Monday, April 21, 2014

MANAGEMENT SPECIAL .....................The Thin Red Line of Success


The Thin Red Line of Success

When competing in an innovative new market the benefits of an early lead can’t be over-estimated.
When August Dvorak patented a simplified keyboard in 1936 tests proved its design was faster, and less prone to mistakes than the original QWERTY model. Despite these superior characteristics it was a commercial failure. Betamax video recorder had a similar fate when it competed for custom against the VHS model as did CP/M when up against MS/DOS.
Why do some innovative products come to dominate an industry while superior products fail?
When similar innovative products are released at the same time, chance events and social information processing have a role in making or breaking a product’s success. Early path leaders get the advantage as consumers copy the decisions of others before them and critical mass gives them a commercial advantage in making the related goods cheaper.
The situation is slightly more complex in business where corporate leaders must look at how well an innovation operates as well as its business characteristics when making a decision. Still, choices are often based as much on the decisions of competitors as technical merits.
Not surprisingly these diffusion processes do not reliably spread the best innovations and the superior product can be overlooked.
The battle of the “twins
A good example is the comparison of two very similar early model wide-bodied jets produced in the 1970s:  the McDonnell Douglas DC-10 and Lockheed L-1011, two aircraft similar enough in commercial applications and engineering aspects to be thought of as “twins”.  Component delays slowed the L-1011's entry into the market by a year, giving the DC-10 the early advantage leading to a gap in sales of about 250 aircraft.
Two major crashes caused by design flaws in the DC-10 and its temporary grounding by the Federal Aviation Administration did little to dull airlines’ preference for this aircraft and in business terms the DC-10 was considered a relative success . Not so the L-1011 which had no follow-up model and caused its manufacturer Lockheed to exit from the civilian aircraft market entirely.
The thin red line
In seeking to understand why the DC-10 succeeded and the L-1011 failed my research, The Thin Red Line between Success and Failure: Path Dependence in the Diffusion of Innovative Production Technologies, co-authored with Marc-David L. Seidel , Associate Professor of Organizational Behaviour and Human Resources  at Sauder School of Business, found evidence to support the hypothesis that, contrary to classical assumptions, the diffusion process of successful  and failed innovations is similar and the fate of innovative new products is largely affected by random components and heavily influenced by social information processing.

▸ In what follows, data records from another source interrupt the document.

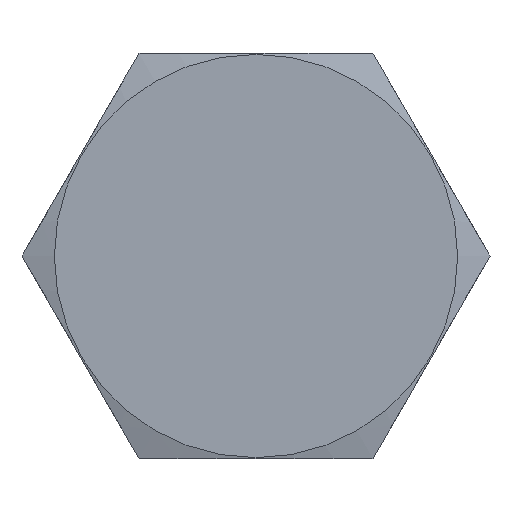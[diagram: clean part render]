
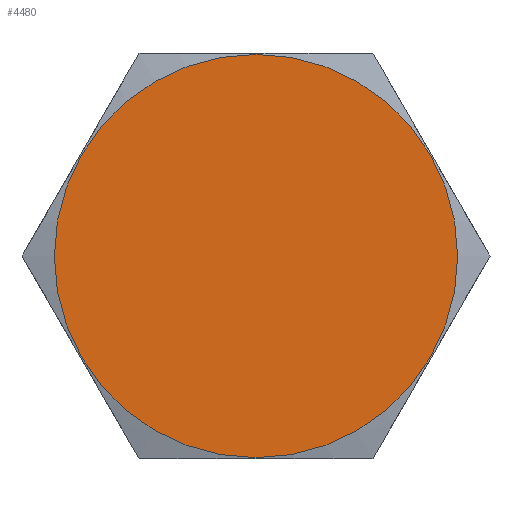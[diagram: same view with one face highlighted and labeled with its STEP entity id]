
A CAD part, left-side view. The second image highlights one B-rep face of the part: STEP entity #4480.
In plain terms, the highlighted planar face has unit normal (-1, 0, 0).
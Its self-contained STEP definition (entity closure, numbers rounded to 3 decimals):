
#1370 = CARTESIAN_POINT ( 'NONE',  ( 0., 0., 39.8 ) ) ;
#1606 = DIRECTION ( 'NONE',  ( -1., 0., 0. ) ) ;
#2422 = VERTEX_POINT ( 'NONE', #1370 ) ;
#4286 = DIRECTION ( 'NONE',  ( 0., 0., 1. ) ) ;
#4480 = ADVANCED_FACE ( 'NONE', ( #12540 ), #8796, .F. ) ;
#6184 = ORIENTED_EDGE ( 'NONE', *, *, #12552, .T. ) ;
#8128 = AXIS2_PLACEMENT_3D ( 'NONE', #13345, #1606, #4286 ) ;
#8796 = PLANE ( 'NONE',  #14077 ) ;
#8948 = EDGE_LOOP ( 'NONE', ( #6184 ) ) ;
#12540 = FACE_OUTER_BOUND ( 'NONE', #8948, .T. ) ;
#12552 = EDGE_CURVE ( 'NONE', #2422, #2422, #16247, .T. ) ;
#13345 = CARTESIAN_POINT ( 'NONE',  ( 0., 0., 0. ) ) ;
#13716 = CARTESIAN_POINT ( 'NONE',  ( 0., 49.5, 0. ) ) ;
#13890 = DIRECTION ( 'NONE',  ( 0., 0., -1. ) ) ;
#14077 = AXIS2_PLACEMENT_3D ( 'NONE', #13716, #16373, #13890 ) ;
#16247 = CIRCLE ( 'NONE', #8128, 39.8 ) ;
#16373 = DIRECTION ( 'NONE',  ( 1., 0., 0. ) ) ;
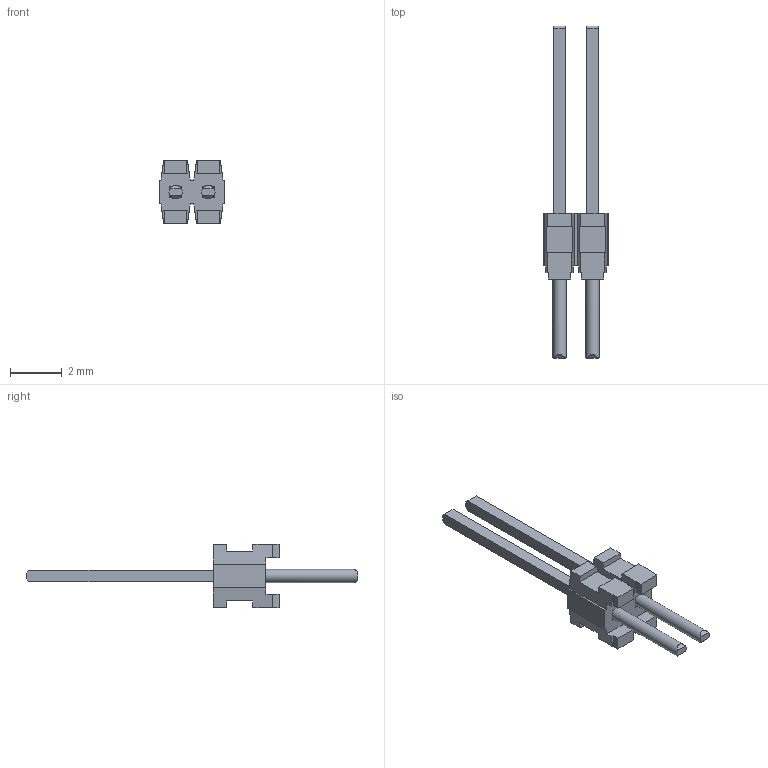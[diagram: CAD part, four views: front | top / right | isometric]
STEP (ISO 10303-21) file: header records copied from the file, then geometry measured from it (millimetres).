
FILE_DESCRIPTION(/* description */ ('STEP AP214'),/* implementation_level */ '2;1');
FILE_NAME(/* name */ 'TMS-102-53-L-S',/* time_stamp */ '2025-11-24T12:56:06+01:00',/* author */ ('License CC BY-ND 4.0'),/* organization */ ('CADENAS'),/* preprocessor_version */ 'ST-DEVELOPER v20',/* originating_system */ 'PARTsolutions',/* authorisation */ ' ');
FILE_SCHEMA (('AUTOMOTIVE_DESIGN {1 0 10303 214 3 1 1}'));
Length unit declared in the file: inch
Products named in the file (3): TMS-102-53-L-S; TMS-102-S_header; T-1M6-02-53-S
Assembly tree (2 placements, depth 2):
  TMS-102-53-L-S
    TMS-102-S_header
    T-1M6-02-53-S
Bounding box: 2.54 x 12.83 x 2.44 mm (x, y, z)
Volume: 15.9 mm3; surface area: 96.1 mm2
Topology: 2 solids, 2 shells, 105 faces, 296 edges, 196 vertices
Faces by surface type: plane 103, cylinder 2
Full cylindrical faces by diameter (mm): 0.508 x2
Entity records: 3386 total; most frequent: CARTESIAN_POINT 594, ORIENTED_EDGE 584, DIRECTION 518, EDGE_CURVE 292, LINE 282, VECTOR 282, VERTEX_POINT 194, AXIS2_PLACEMENT_3D 118
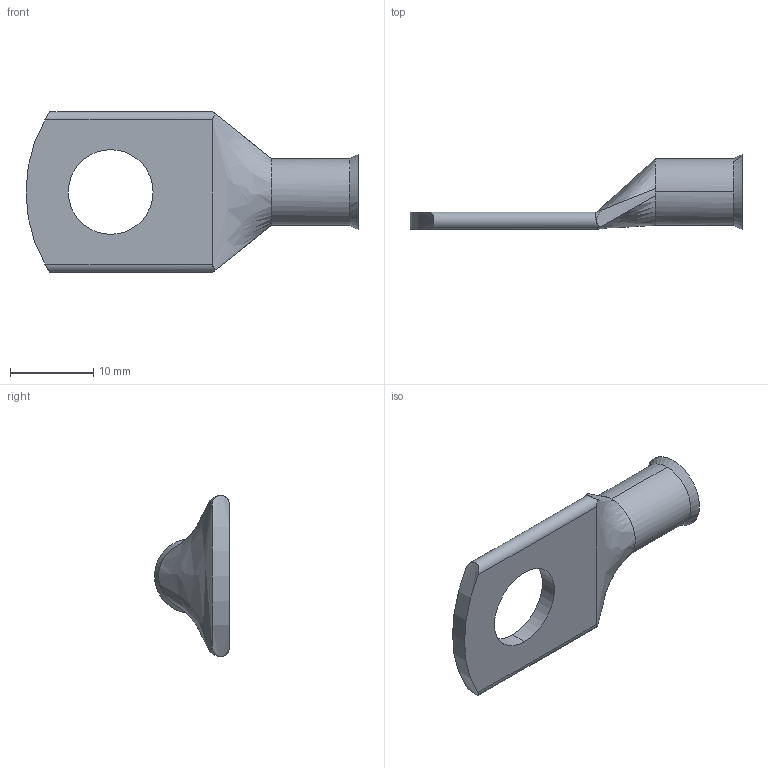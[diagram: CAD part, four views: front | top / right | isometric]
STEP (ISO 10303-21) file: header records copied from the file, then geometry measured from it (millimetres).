
FILE_DESCRIPTION (( 'STEP AP214' ), '1' );
FILE_NAME ('MD0638UX.STEP', '2022-06-27T11:16:48', ( '' ), ( '' ), 'SwSTEP 2.0', 'SolidWorks 2021', '' );
FILE_SCHEMA (( 'AUTOMOTIVE_DESIGN' ));
Length unit declared in the file: millimetre
Products named in the file (1): MD0638UX
Bounding box: 39.81 x 8.97 x 19.3 mm (x, y, z)
Volume: 1253.4 mm3; surface area: 1645 mm2
Topology: 1 solids, 1 shells, 32 faces, 86 edges, 57 vertices
Faces by surface type: bspline 15, cylinder 10, plane 5, cone 2
Entity records: 4016 total; most frequent: CARTESIAN_POINT 3281, ORIENTED_EDGE 172, DIRECTION 103, EDGE_CURVE 86, VERTEX_POINT 57, B_SPLINE_CURVE_WITH_KNOTS 41, AXIS2_PLACEMENT_3D 40, EDGE_LOOP 35
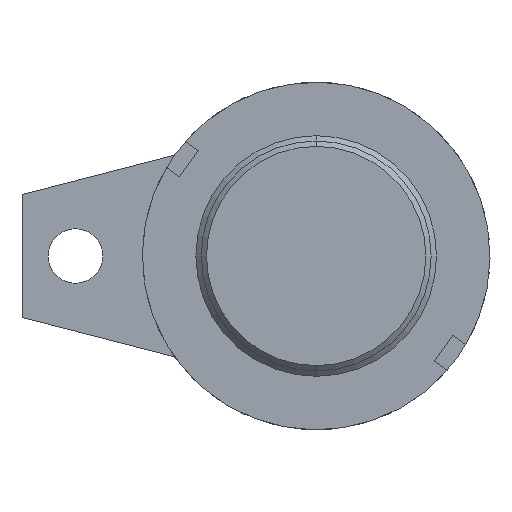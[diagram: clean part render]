
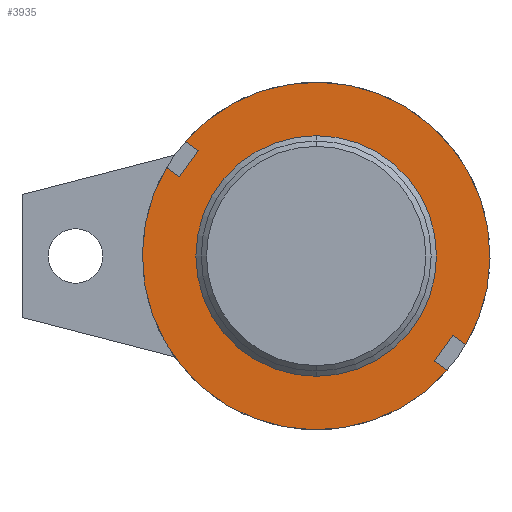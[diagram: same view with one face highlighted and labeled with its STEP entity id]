
A CAD part, front view. The second image highlights one B-rep face of the part: STEP entity #3935.
In plain terms, the highlighted face is planar.
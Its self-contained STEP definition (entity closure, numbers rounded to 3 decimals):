
#165 = CARTESIAN_POINT ( 'NONE',  ( 32.361, -3., 0. ) ) ;
#190 = CARTESIAN_POINT ( 'NONE',  ( -32.361, 3., 0. ) ) ;
#225 = CARTESIAN_POINT ( 'NONE',  ( 21.75, 0., 0. ) ) ;
#247 = CARTESIAN_POINT ( 'NONE',  ( 29.361, -3., 0. ) ) ;
#251 = CARTESIAN_POINT ( 'NONE',  ( -29.361, 3., 0. ) ) ;
#259 = CARTESIAN_POINT ( 'NONE',  ( 29.361, 3., 0. ) ) ;
#263 = CARTESIAN_POINT ( 'NONE',  ( -32.361, -3., 0. ) ) ;
#276 = CARTESIAN_POINT ( 'NONE',  ( -29.361, -3., 0. ) ) ;
#297 = CARTESIAN_POINT ( 'NONE',  ( 32.361, 3., 0. ) ) ;
#357 = CARTESIAN_POINT ( 'NONE',  ( -21.75, 0., 0. ) ) ;
#1058 = FACE_BOUND ( 'NONE', #2762, .T. ) ;
#1069 = FACE_OUTER_BOUND ( 'NONE', #2765, .T. ) ;
#1320 = CIRCLE ( 'NONE', #3745, 21.75 ) ;
#1371 = VECTOR ( 'NONE', #4273, 1000. ) ;
#1375 = VECTOR ( 'NONE', #3985, 1000. ) ;
#1378 = LINE ( 'NONE', #3988, #1371 ) ;
#1380 = VECTOR ( 'NONE', #3984, 1000. ) ;
#1382 = LINE ( 'NONE', #3986, #1375 ) ;
#1386 = CIRCLE ( 'NONE', #3759, 32.5 ) ;
#1388 = LINE ( 'NONE', #3979, #1380 ) ;
#1393 = VECTOR ( 'NONE', #3973, 1000. ) ;
#1395 = CIRCLE ( 'NONE', #3763, 32.5 ) ;
#1397 = VECTOR ( 'NONE', #3970, 1000. ) ;
#1399 = LINE ( 'NONE', #3972, #1393 ) ;
#1404 = LINE ( 'NONE', #3971, #1397 ) ;
#1406 = VECTOR ( 'NONE', #3967, 1000. ) ;
#1414 = LINE ( 'NONE', #4022, #1406 ) ;
#1419 = CIRCLE ( 'NONE', #3764, 21.75 ) ;
#1624 = DIRECTION ( 'NONE',  ( 1., 0., 0. ) ) ;
#1625 = DIRECTION ( 'NONE',  ( 0., 0., 1. ) ) ;
#1632 = CARTESIAN_POINT ( 'NONE',  ( 0., 0., 0. ) ) ;
#1634 = PLANE ( 'NONE',  #3689 ) ;
#2243 = VERTEX_POINT ( 'NONE', #357 ) ;
#2292 = VERTEX_POINT ( 'NONE', #297 ) ;
#2308 = VERTEX_POINT ( 'NONE', #276 ) ;
#2320 = VERTEX_POINT ( 'NONE', #263 ) ;
#2322 = VERTEX_POINT ( 'NONE', #259 ) ;
#2328 = VERTEX_POINT ( 'NONE', #251 ) ;
#2331 = VERTEX_POINT ( 'NONE', #247 ) ;
#2340 = VERTEX_POINT ( 'NONE', #225 ) ;
#2357 = VERTEX_POINT ( 'NONE', #190 ) ;
#2370 = VERTEX_POINT ( 'NONE', #165 ) ;
#2762 = EDGE_LOOP ( 'NONE', ( #3409, #3406 ) ) ;
#2765 = EDGE_LOOP ( 'NONE', ( #3417, #3414, #3415, #3412, #3413, #3410, #3411, #3408 ) ) ;
#3113 = EDGE_CURVE ( 'NONE', #2340, #2243, #1419, .T. ) ;
#3115 = EDGE_CURVE ( 'NONE', #2357, #2328, #1414, .T. ) ;
#3117 = EDGE_CURVE ( 'NONE', #2308, #2320, #1404, .T. ) ;
#3119 = EDGE_CURVE ( 'NONE', #2328, #2308, #1399, .T. ) ;
#3120 = EDGE_CURVE ( 'NONE', #2320, #2370, #1395, .T. ) ;
#3124 = EDGE_CURVE ( 'NONE', #2331, #2322, #1388, .T. ) ;
#3125 = EDGE_CURVE ( 'NONE', #2370, #2331, #1382, .T. ) ;
#3126 = EDGE_CURVE ( 'NONE', #2322, #2292, #1378, .T. ) ;
#3130 = EDGE_CURVE ( 'NONE', #2292, #2357, #1386, .T. ) ;
#3147 = EDGE_CURVE ( 'NONE', #2243, #2340, #1320, .T. ) ;
#3406 = ORIENTED_EDGE ( 'NONE', *, *, #3113, .T. ) ;
#3408 = ORIENTED_EDGE ( 'NONE', *, *, #3115, .F. ) ;
#3409 = ORIENTED_EDGE ( 'NONE', *, *, #3147, .T. ) ;
#3410 = ORIENTED_EDGE ( 'NONE', *, *, #3117, .F. ) ;
#3411 = ORIENTED_EDGE ( 'NONE', *, *, #3119, .F. ) ;
#3412 = ORIENTED_EDGE ( 'NONE', *, *, #3125, .F. ) ;
#3413 = ORIENTED_EDGE ( 'NONE', *, *, #3120, .F. ) ;
#3414 = ORIENTED_EDGE ( 'NONE', *, *, #3126, .F. ) ;
#3415 = ORIENTED_EDGE ( 'NONE', *, *, #3124, .F. ) ;
#3417 = ORIENTED_EDGE ( 'NONE', *, *, #3130, .F. ) ;
#3689 = AXIS2_PLACEMENT_3D ( 'NONE', #1632, #1625, #1624 ) ;
#3745 = AXIS2_PLACEMENT_3D ( 'NONE', #4123, #4131, #4129 ) ;
#3759 = AXIS2_PLACEMENT_3D ( 'NONE', #4079, #4081, #4082 ) ;
#3763 = AXIS2_PLACEMENT_3D ( 'NONE', #3975, #3976, #3978 ) ;
#3764 = AXIS2_PLACEMENT_3D ( 'NONE', #3964, #3965, #3966 ) ;
#3935 = ADVANCED_FACE ( 'NONE', ( #1069, #1058 ), #1634, .F. ) ;
#3964 = CARTESIAN_POINT ( 'NONE',  ( 0., 0., 0. ) ) ;
#3965 = DIRECTION ( 'NONE',  ( 0., 0., 1. ) ) ;
#3966 = DIRECTION ( 'NONE',  ( 1., 0., 0. ) ) ;
#3967 = DIRECTION ( 'NONE',  ( 1., 0., 0. ) ) ;
#3970 = DIRECTION ( 'NONE',  ( -1., 0., 0. ) ) ;
#3971 = CARTESIAN_POINT ( 'NONE',  ( -29.361, -3., 0. ) ) ;
#3972 = CARTESIAN_POINT ( 'NONE',  ( -29.361, 3., 0. ) ) ;
#3973 = DIRECTION ( 'NONE',  ( 0., -1., 0. ) ) ;
#3975 = CARTESIAN_POINT ( 'NONE',  ( 0., 0., 0. ) ) ;
#3976 = DIRECTION ( 'NONE',  ( 0., 0., 1. ) ) ;
#3978 = DIRECTION ( 'NONE',  ( 1., 0., 0. ) ) ;
#3979 = CARTESIAN_POINT ( 'NONE',  ( 29.361, 3., 0. ) ) ;
#3984 = DIRECTION ( 'NONE',  ( 0., 1., 0. ) ) ;
#3985 = DIRECTION ( 'NONE',  ( -1., 0., 0. ) ) ;
#3986 = CARTESIAN_POINT ( 'NONE',  ( 29.361, -3., 0. ) ) ;
#3988 = CARTESIAN_POINT ( 'NONE',  ( 32.361, 3., 0. ) ) ;
#4022 = CARTESIAN_POINT ( 'NONE',  ( -32.361, 3., 0. ) ) ;
#4079 = CARTESIAN_POINT ( 'NONE',  ( 0., 0., 0. ) ) ;
#4081 = DIRECTION ( 'NONE',  ( 0., 0., 1. ) ) ;
#4082 = DIRECTION ( 'NONE',  ( 1., 0., 0. ) ) ;
#4123 = CARTESIAN_POINT ( 'NONE',  ( 0., 0., 0. ) ) ;
#4129 = DIRECTION ( 'NONE',  ( 1., 0., 0. ) ) ;
#4131 = DIRECTION ( 'NONE',  ( 0., 0., 1. ) ) ;
#4273 = DIRECTION ( 'NONE',  ( 1., 0., 0. ) ) ;

The study found that in their rush to get the competitive advantage from the introduction of these new wide-bodied jets, airlines paid perhaps too much attention to social sources rather than trusting their own judgments of the technical merits of the new aircraft. When updating their fleet, decision-makers relied heavily on the adoption choices of their competitors  ̶  particularly  those with a similar size, market, route or strategic niche  ̶  and made the inference that any information competitors had about the design must have been positive.


Using the same logic, decision-makers were influenced by rivals’ abandonments – aircraft models which were sold and replaced. In doing so they found themselves at a competitive disadvantage.
Using the same logic, decision-makers were influenced by rivals’ abandonments – aircraft models which were sold and replaced. In doing so they found themselves at a competitive disadvantage.
Boeing vs Airbus
There is potential for history to repeat itself as Boeing's 787 Dreamliner and its rival the Airbus A350 head to market today. Early groundings and production delays of the Dreamliner resulted in airlines snapping up more of the rival Airbus before it had even completed flight testing or carried passengers. Whether the right choice has been made is still to be seen.
In any case, there are lessons for to be learned for both the producers and consumers of innovative technology and processes.
For the producers, it’s a race to get ahead: a race that is very intense from the start. The success or failure of an innovation stems back to a short period of time around its launch. Once a firm has the lead, the attractiveness of its product increases exponentially as it becomes more popular and production costs reduce due to economies of scale. If companies fall behind at this stage they are likely to lose the competition, due solely to the social processing of information.
To benefit from this social information processing, companies need to avoid delays in early production and have the ability to spread products quickly without skimping on quality. Customers are just as aware of abandonments of new technology among their competitors as they are of adoptions.
For companies investing in new technology or processes, the research is a warning to pay less attention to what others are doing. Too much reliance on social information processing and the amplification of small initial differences (which may have little or no impact on a firm’s operations) could result in the purchase of an inferior product affecting the company’s own ability to compete.
Path dependence: More random than we think
The importance of path dependence and initial conditions for the evolution of technologies, strategies and market competition has often been noted but is not sufficiently appreciated in research or practice. Competition among the makers of innovative production assets and the users of these assets is a highly uncertain world. Early events introduce significant “noise” into the diffusion process which can cause inferior products to spread more quickly suggesting the path dependence which sees one product succeed while another fails is perhaps more random than we may expect.